Introduced in Hive version 0.11.

This section introduces the Hive QL enhancements for windowing and analytics functions. See "Windowing Specifications in HQL" (attached to HIVE-4197) for details. HIVE-896 has more information, including links to earlier documentation in the initial comments.

All of the windowing and analytics functions operate as per the SQL standard.

The current release supports the following functions for windowing and analytics:

  1. Windowing functions
  2. The OVER clause
  3. Analytics functions
  4. Distinct support in Hive 2.1.0 and later (see HIVE-9534)

    Distinct is supported for aggregation functions including SUM, COUNT and AVG, which aggregate over the distinct values within each partition. Current implementation has the limitation that no ORDER BY or window specification can be supported in the partitioning clause for performance reason. The supported syntax is as follows.

    COUNT(DISTINCT a) OVER (PARTITION BY c)

    ORDER BY and window specification is supported for distinct in Hive 2.2.0 (see HIVE-13453). An example is as follows.

    COUNT(DISTINCT a) OVER (PARTITION BY c ORDER BY d ROWS BETWEEN 1 PRECEDING AND 1 FOLLOWING)
  5. Aggregate functions in OVER clause support in Hive 2.1.0 and later (see HIVE-13475)

    Support to reference aggregate functions within the OVER clause has been added. For instance, currently we can use the SUM aggregation function within the OVER clause as follows.
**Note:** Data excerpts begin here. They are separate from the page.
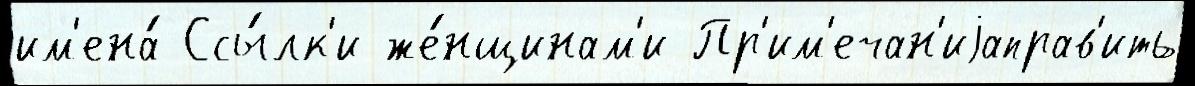
им'ена́ Ссы́лк'и же́нщинам'и Пр'им'ечан'иjаправ'ить
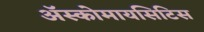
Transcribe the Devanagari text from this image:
अॅस्कोमायसिटिस
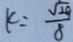
k = \frac { \sqrt { 2 9 } } { 8 }
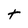
Character: t
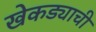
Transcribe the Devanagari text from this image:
खेकड्याची
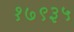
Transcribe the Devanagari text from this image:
१७९३५
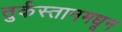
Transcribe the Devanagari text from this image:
तुर्कस्तानमधून
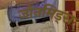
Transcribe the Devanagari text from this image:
जोनमिड्स

    SELECT rank() OVER (ORDER BY sum(b))
    FROM T
    GROUP BY a;

Examples

This section provides examples of how to use the Hive QL windowing and analytics functions in SELECT statements. See HIVE-896 for additional examples.

PARTITION BY with one partitioning column, no ORDER BY or window specification

SELECT a, COUNT(b) OVER (PARTITION BY c)
FROM T;

PARTITION BY with two partitioning columns, no ORDER BY or window specification

SELECT a, COUNT(b) OVER (PARTITION BY c, d)
FROM T;

PARTITION BY with one partitioning column, one ORDER BY column, and no window specification

SELECT a, SUM(b) OVER (PARTITION BY c ORDER BY d)
FROM T;

PARTITION BY with two partitioning columns, two ORDER BY columns, and no window specification

SELECT a, SUM(b) OVER (PARTITION BY c, d ORDER BY e, f)
FROM T;

PARTITION BY with partitioning, ORDER BY, and window specification

SELECT a, SUM(b) OVER (PARTITION BY c ORDER BY d ROWS BETWEEN UNBOUNDED PRECEDING AND CURRENT ROW)
FROM T;
SELECT a, AVG(b) OVER (PARTITION BY c ORDER BY d ROWS BETWEEN 3 PRECEDING AND CURRENT ROW)
FROM T;
SELECT a, AVG(b) OVER (PARTITION BY c ORDER BY d ROWS BETWEEN 3 PRECEDING AND 3 FOLLOWING)
FROM T;
SELECT a, AVG(b) OVER (PARTITION BY c ORDER BY d ROWS BETWEEN CURRENT ROW AND UNBOUNDED FOLLOWING)
FROM T;

 

There can be multiple OVER clauses in a single query. A single OVER clause only applies to the immediately preceding function call. In this example, the first OVER clause applies to COUNT(b) and the second OVER clause applies to SUM(b):

SELECT 
 a,
 COUNT(b) OVER (PARTITION BY c),
 SUM(b) OVER (PARTITION BY c)
FROM T;

 

Aliases can be used as well, with or without the keyword AS:

SELECT 
 a,
 COUNT(b) OVER (PARTITION BY c) AS b_count,
 SUM(b) OVER (PARTITION BY c) b_sum
FROM T;

WINDOW clause

SELECT a, SUM(b) OVER w
FROM T
WINDOW w AS (PARTITION BY c ORDER BY d ROWS UNBOUNDED PRECEDING);

LEAD using default 1 row lead and not specifying default value

SELECT a, LEAD(a) OVER (PARTITION BY b ORDER BY C)
FROM T;

LAG specifying a lag of 3 rows and default value of 0

SELECT a, LAG(a, 3, 0) OVER (PARTITION BY b ORDER BY C)
FROM T;

Distinct counting for each partition

SELECT a, COUNT(distinct a) OVER (PARTITION BY b)
FROM T;